Entre as coisas mais semelhantes é onde é mais bela a ilusão: porque é sobre o abismo pequeno que se torna difícil lançar uma ponte.
Para mim... como poderia haver qualquer coisa fora de mim? Não há exterior! Todos os sons, porém, nos fazem esquecer isso. Como é agradável podermos esquecer!
Não foram os nomes e os sons dados às coisas para o homem se recrear com elas? Falar é uma bela loucura: falando, baila o homem sobre todas as coisas.
Como toda a palavra é doce! Como parecem doces todas as mentiras dos sons! “Os sons fazem bailar o nosso amor em variado arco-íris”.
Então os animais disseram: “Zaratustra, para os que pensam como nós, todas as coisas bailam; vão, dão-se as mãos, riem, fogem”... e tornam.
Tudo vai, tudo torna; a roda da existência gira eternamente. Tudo morre; tudo torna a florescer; correm eternamente as estações da existência.

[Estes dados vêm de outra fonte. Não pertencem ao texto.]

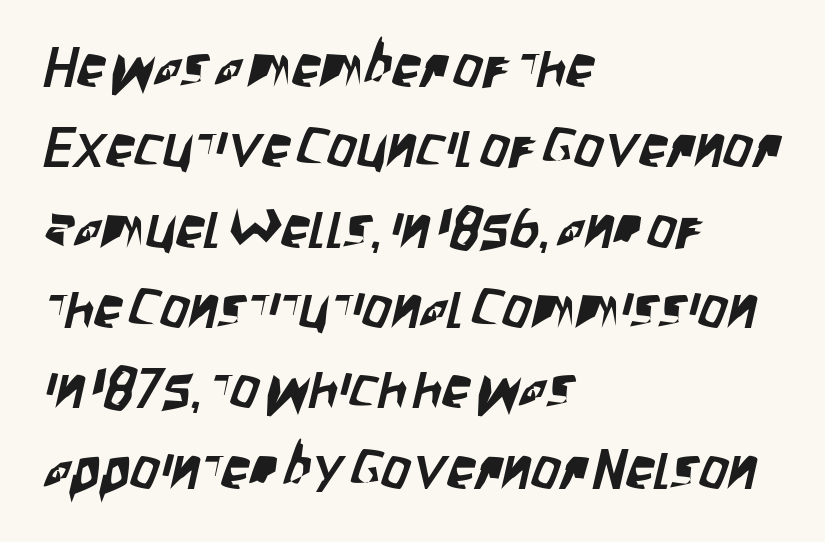
The image shows 57 px condensed sans-serif type; set left-aligned, normal line spacing (1.41x), normal letter spacing, not underlined; low stroke contrast and a large x-height.
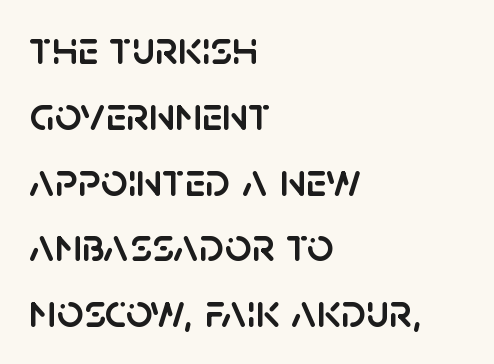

Tudo se destrói, tudo se reconstrói, eternamente se edifica a mesma casa da existência. Tudo se separa, tudo se saúda outra vez; o anel da existência conserva-se eternamente fiel a si mesmo.
A todos os momentos a existência principia; em torno de cada aqui, gira a bola acolá. O Centro está em toda a parte. A senda da eternidade é tortuosa”.
“Ah! astutos órgãozinhos! — respondeu Zaratustra tornando a sorrir. — Como sabíeis bem o que se devia cumprir em sete dias!
E como aquele monstro se me introduziu na garganta a fim de me afogar! Mas de uma dentada cortei-lhe a cabeça e cuspi-a para longe de mim!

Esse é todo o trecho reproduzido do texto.